Dopo Marx, e per oltre un cinquantennio, la teoria dello sviluppo segna una stasi, con la sola eccezione del contributo recato da J.A. Schumpeter, il quale vide anch’egli nel capitalismo una forma storica transitoria destinata a essere sostituita da una società socialista. Una ripresa dell’interesse per i temi dello sviluppo si ebbe solo nel 1939, con il contributo di R.F. Harrod, il quale inquadrò, in un contesto dinamico, il problema delle condizioni sottostanti la crescita economica nell’ambito della teoria keynesiana della distribuzione del reddito. L’interesse di Harrod era rivolto soprattutto allo studio delle condizioni per le quali le decisioni di investimento degli imprenditori, che regolano lo sviluppo dei sistemi economici capitalistici, risultano tali da soddisfare l’equilibrio dinamico sul mercato dei beni (uguaglianza ex ante tra risparmi e investimenti). Tali condizioni sono soddisfatte quando gli investimenti ‘desiderati’ (o investimenti ex ante) coincidono con quelli ‘giustificati’, in grado, cioè, di determinare quel particolare rapporto tra capitale prodotto che sostiene (o giustifica) l’incremento previsto di domanda in base al quale sono state prese le decisioni di investimento. Nella realtà dell’economia, gli investimenti effettuati dagli imprenditori sono il risultato di aspettative che non necessariamente si realizzano: l’indeterminatezza delle decisioni di investimento rende difficile la soddisfazione delle condizioni di equilibrio dinamico, dando luogo a fluttuazioni nella forma di eccessiva espansione o di depressione. Di conseguenza le stesse forze che generano lo sviluppo dell’economia sono alla base della sua instabilità.

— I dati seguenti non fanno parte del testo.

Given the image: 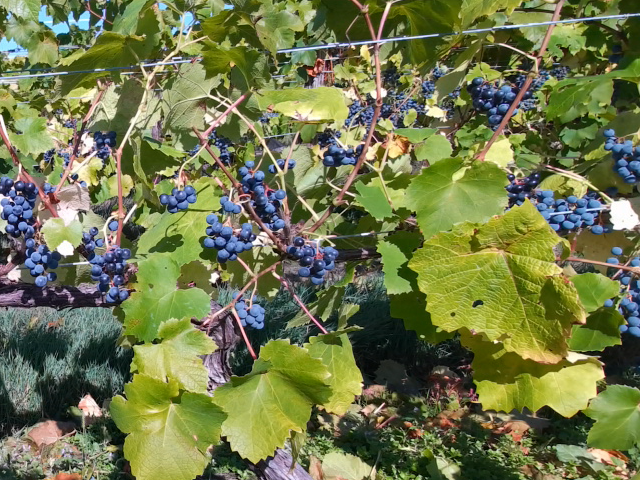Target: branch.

Nel modello di Harrod viene dunque descritta una dinamica delle condizioni di sviluppo nei sistemi capitalistici caratterizzata dal fatto che il comportamento degli imprenditori non garantisce il mantenimento dell’economia lungo un sentiero di crescita in equilibrio stabile.

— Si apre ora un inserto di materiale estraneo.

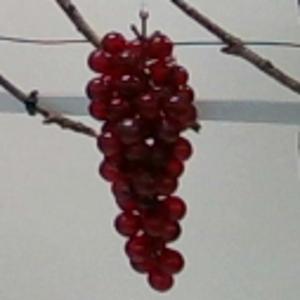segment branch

L’idea che lo sviluppo dell’economia si muova lungo il ‘filo del rasoio’ dell’instabilità è stata messa in discussione, a partire dagli anni 1950, dai modelli di matrice neoclassica, con i quali si verifica un profondo mutamento di prospettiva. La teoria dello sviluppo, infatti, cessa di avere a oggetto lo studio degli effetti che le decisioni di investimento esercitano sullo sviluppo economico, per essere ricondotto al problema dell’allocazione delle risorse che aveva caratterizzato il pensiero prekeynesiano. Nei contributi pionieristici di R. Solow (1956) e T. Swan (1956) l’equilibrio dinamico tra risparmi e investimenti viene illustrato con riferimento a una funzione di produzione, sulla quale, in corrispondenza di ciascun punto, si stabilisce un rapporto tra capitale e lavoro in grado di assicurare la piena occupazione dei due fattori produttivi. Ciascun punto è inoltre associato a un unico saggio di profitto e di salario i quali, congiuntamente, individuano una quota di prodotto per lavoratore tale da originare un ammontare di risparmio sufficiente ad assicurare una crescita dello stock di capitale corrispondente a quella della forza lavoro. L’insieme di queste condizioni assicura una crescita ‘bilanciata’ del sistema economico tale, cioè, da assicurare un sentiero di sviluppo in grado di lasciare immutati il rapporto capitale/lavoro e la distribuzione del reddito. Il modello di Solow è stato successivamente esteso da J. Meade (1961) e H. Uzawa (1961) a schemi multisettoriali più complessi, nei quali la produzione di beni capitali viene mantenuta distinta da quella di beni di consumo.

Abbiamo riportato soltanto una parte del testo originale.